Seinfeld’s now classic placements are said to have occurred merely because Jerry Seinfeld liked the

brands (Padnick 1997). Consumer good companies, realizing the importance of close relationships

with talent, cultivate these opportunities by sending them free goods and establishing partnerships

with the hopes that the talent will ask for their products to be used in their productions, in return, as

in the following example:

C4: “Sandra Bullock came in the office, we spent some time with her, we hit it off, gave her some products for her own personal use. She came back to us a week later and said, “I’m filming a movie. I’d love to get you guys involved with this thing.” Great! Products have been put forth, provided to the folks in the production and we’re actually looking, based on how the placement turns out, we may do a 4th quarter promotion tied around the products that are in the film.”

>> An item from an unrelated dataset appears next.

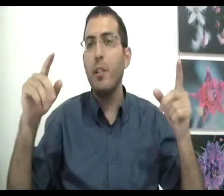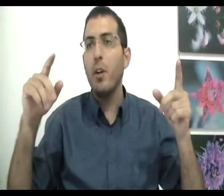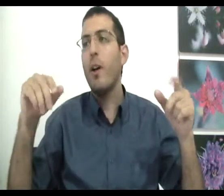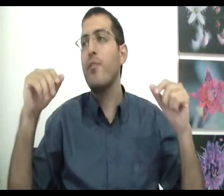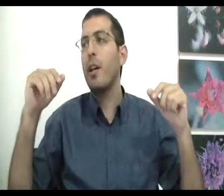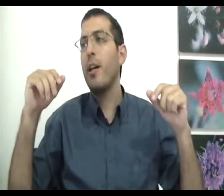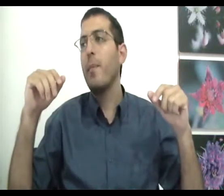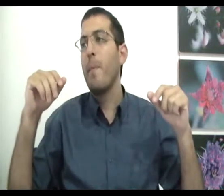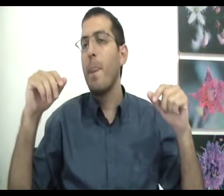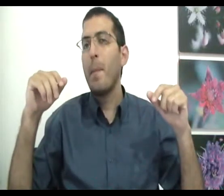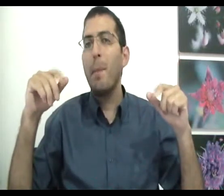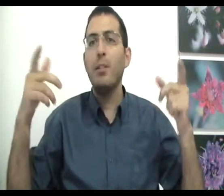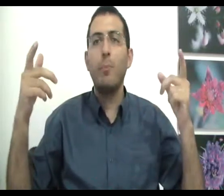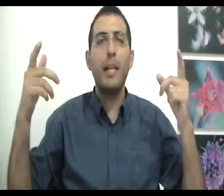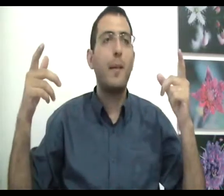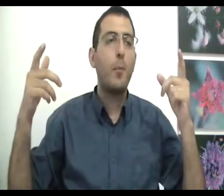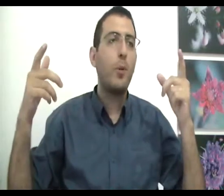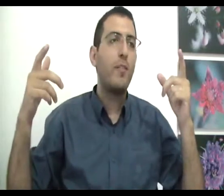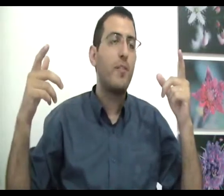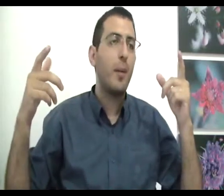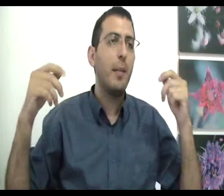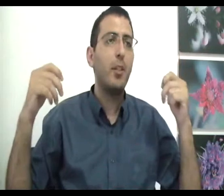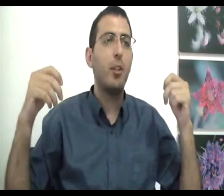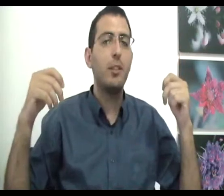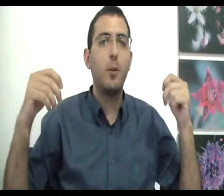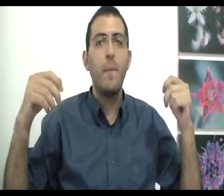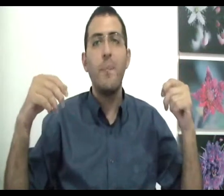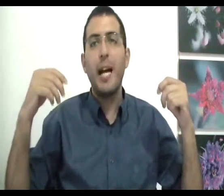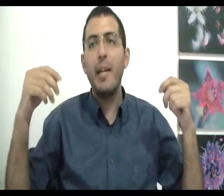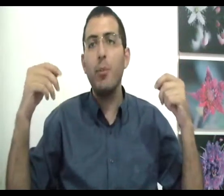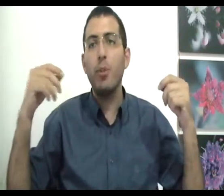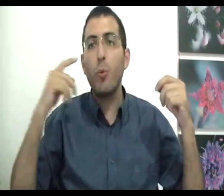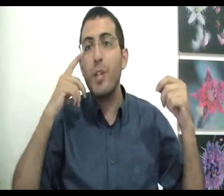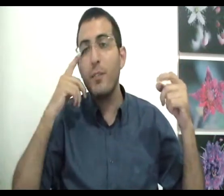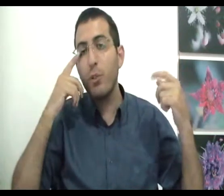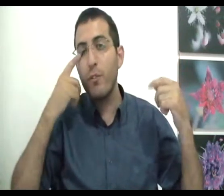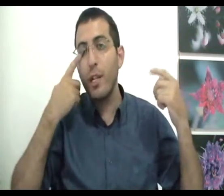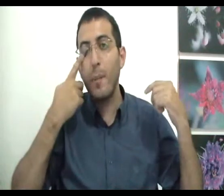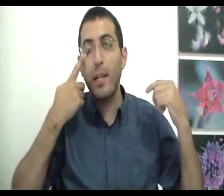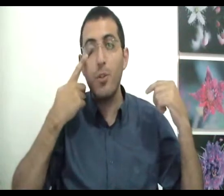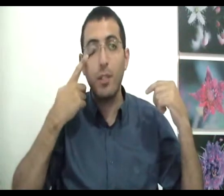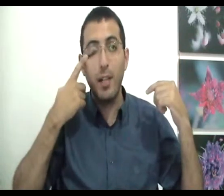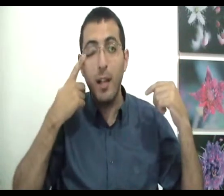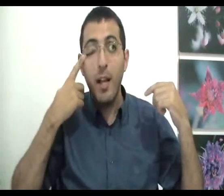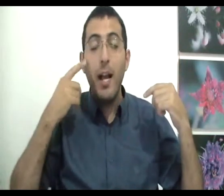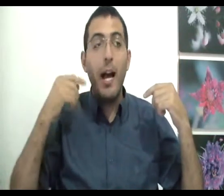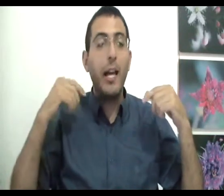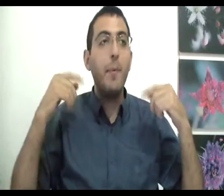או אפשרי? מה זאת אומרת, האם הוא מחויב או אפשרי? האדם צריך לשאול את עצמו, האם אותו תחושת טוב שאני מרגיש אותה, האם

Power also expresses itself in terms of money. Cost cutting has always been part of the

reason why studios use product placements and the industry is still “looking to cut costs... whatever

it takes” (C5). Product placement deals can bring in that much needed production and marketing

support. Of course, this leaves out many of the smaller companies who simply cannot compete.

O2: “it’s a lot harder to battle against Budweiser in the motion picture product placement world…. You’re not going to get in nearly as many movies, because Budweiser has a lot more contacts. The few you get in, if you don’t pay, you’re going to get buried, you’re not going to get good placements. The few you do, you’re going to have to pay.”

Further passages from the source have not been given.